During the last fifteen years, there have been a series of studies focusing or emphasizing on the importance of the information/digital technologies in the maritime industry, through applying several methodologies and approaches (i.e. Gavalas et al. 2021; Gavalas and Syriopoulos 2015; Poulis et al 2013; Siror et al. 2011; Nikitakos and Lambrou 2007). Recently, Papathanasiou et al. (2020) empirically examined the real and potential initiation of blockchain technology (BT) adoption in the Greek shipping industry and defined the motives regarding the adoption scale. They found that (among others) the operations and logistics tasks could be vastly enhanced through BT, whereas the incorporation of BT with enterprise resource planning systems could be capable of totally converting the way daily operations are carried out. Yang (2019) specified the notion of maritime shipping digitization like applying disruptive technologies to minimize transportation expenditures and structure global trade expectations, offering firms a greater level of competitive advantage. The study employed the technology acceptance model, which investigates how users become eager to acknowledge the use of new technologies, by evaluating the intention to practice innovative technologies from two perspectives: the user-friendliness of the innovative technology and its level of practical application.

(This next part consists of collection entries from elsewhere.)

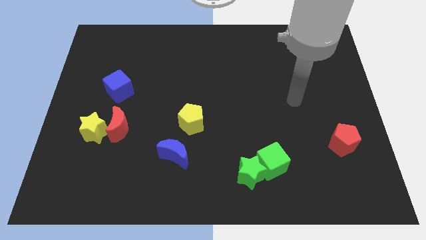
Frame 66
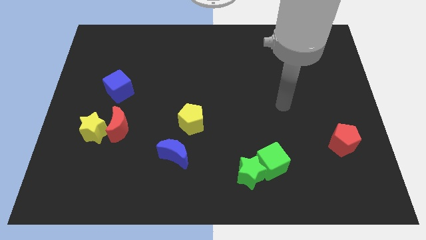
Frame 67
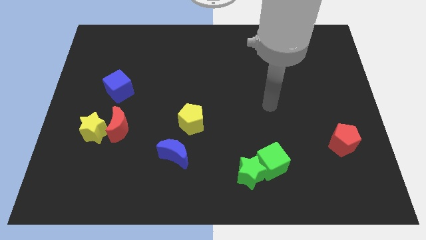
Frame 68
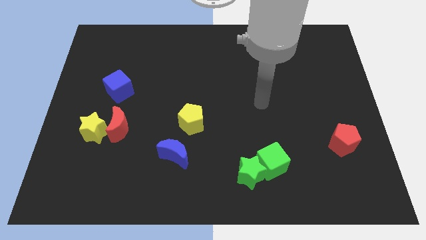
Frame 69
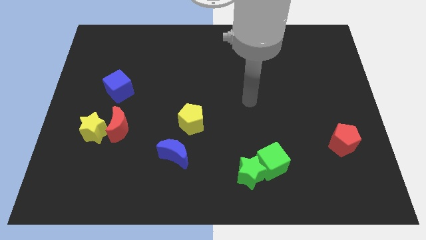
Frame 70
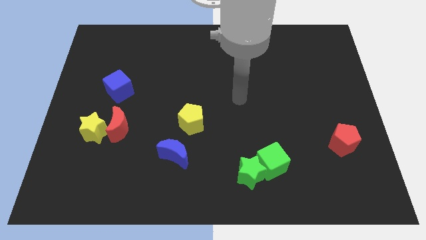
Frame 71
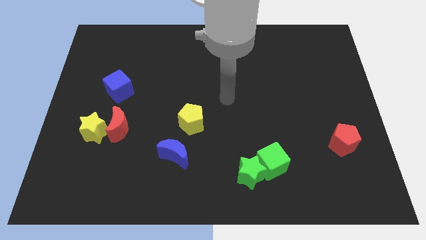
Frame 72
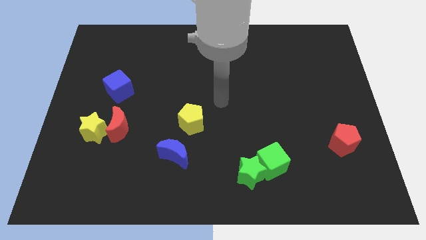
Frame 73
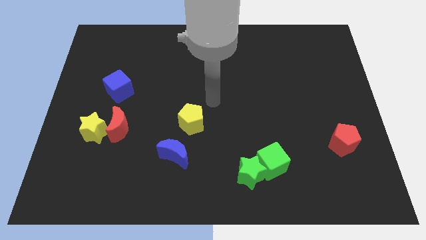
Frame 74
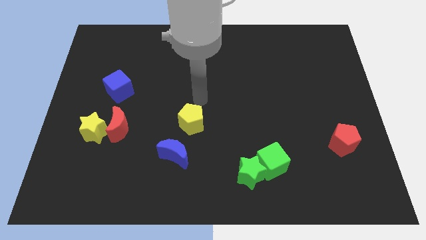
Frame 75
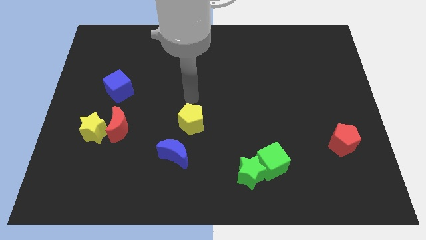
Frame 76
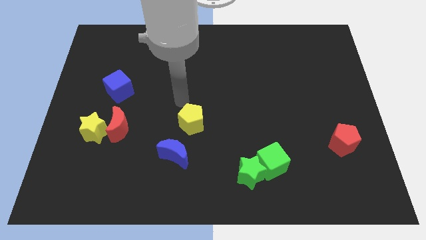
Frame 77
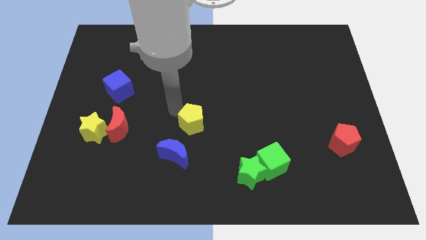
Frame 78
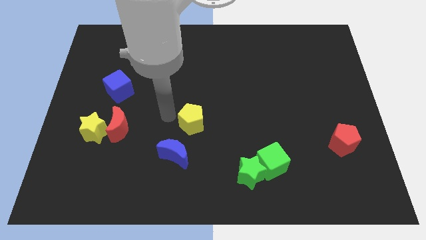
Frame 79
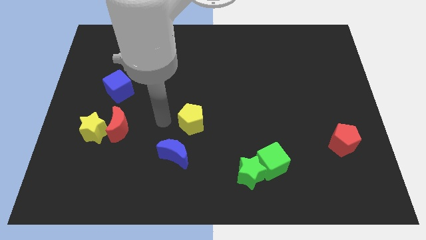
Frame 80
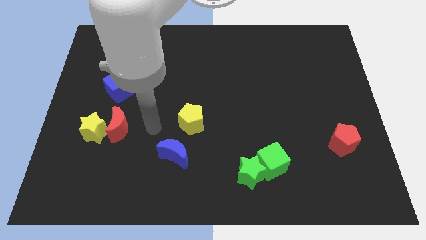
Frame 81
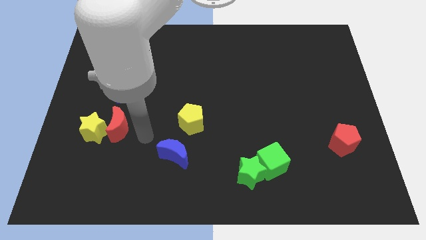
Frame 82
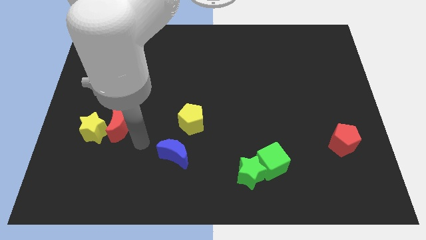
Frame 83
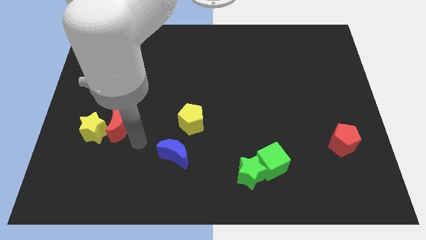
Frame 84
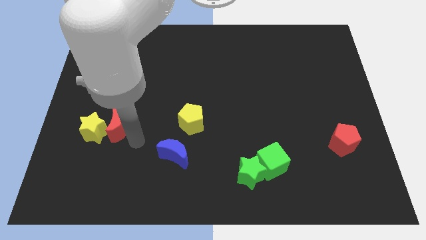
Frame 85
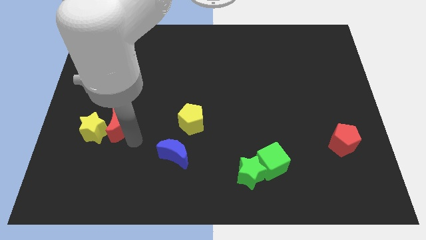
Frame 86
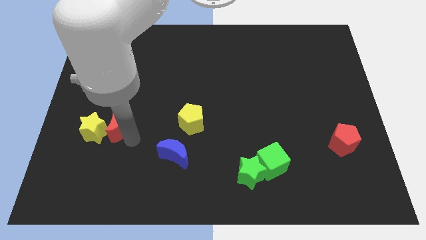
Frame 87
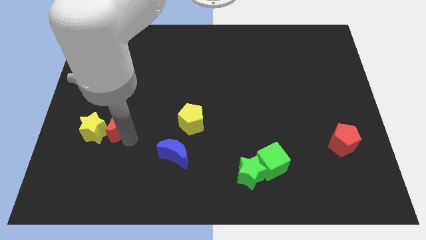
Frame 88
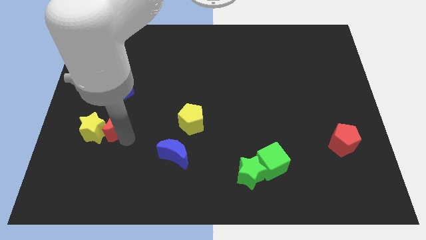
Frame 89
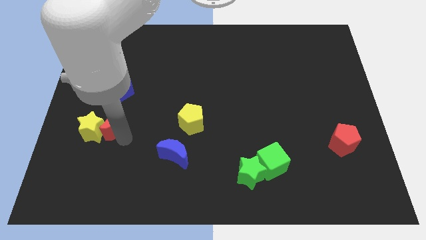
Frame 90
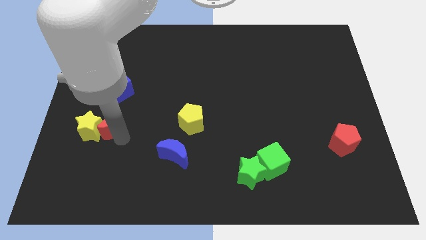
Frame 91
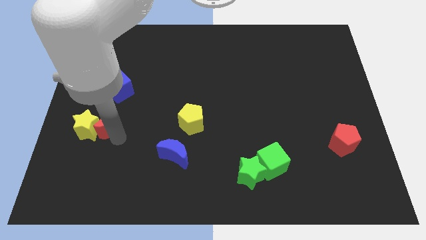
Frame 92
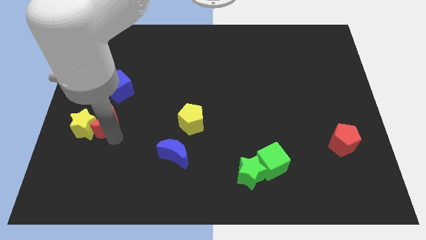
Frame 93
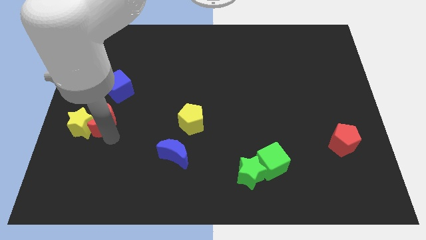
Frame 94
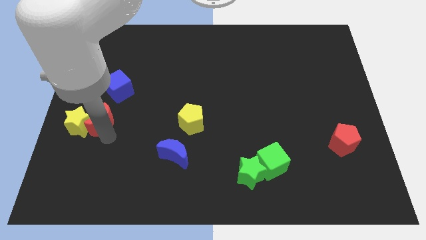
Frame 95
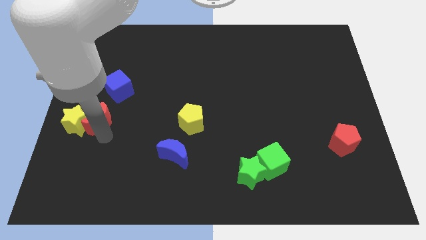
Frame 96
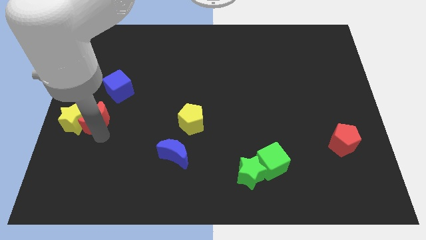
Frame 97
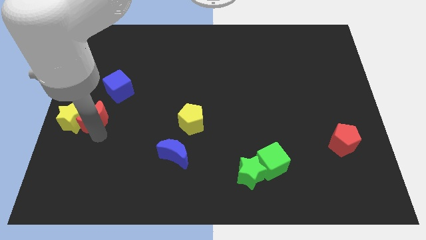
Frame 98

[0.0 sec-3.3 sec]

Moreover, Tan and Sundarakani (2020) employed a context for a freight consolidation firm to adopt BT, after exploring the difficulties faced by a global shipping company and discovering the use of BT to boost the competitiveness and sustainability of freight booking procedures. Their study is principally based on Technology Acceptance Model (TAM) theory. Additionally, Pu and Lam (2020) recommended that the decisive objective of BT applications is to attain lean process by means of dropping paperwork, improving data allotment, and automating procedures. They employed a conceptual framework to deliver a holistic view of BT adoption in the maritime industry by responding to questions of why BT can be pertained, via which means it could be pertained, and define the market participants.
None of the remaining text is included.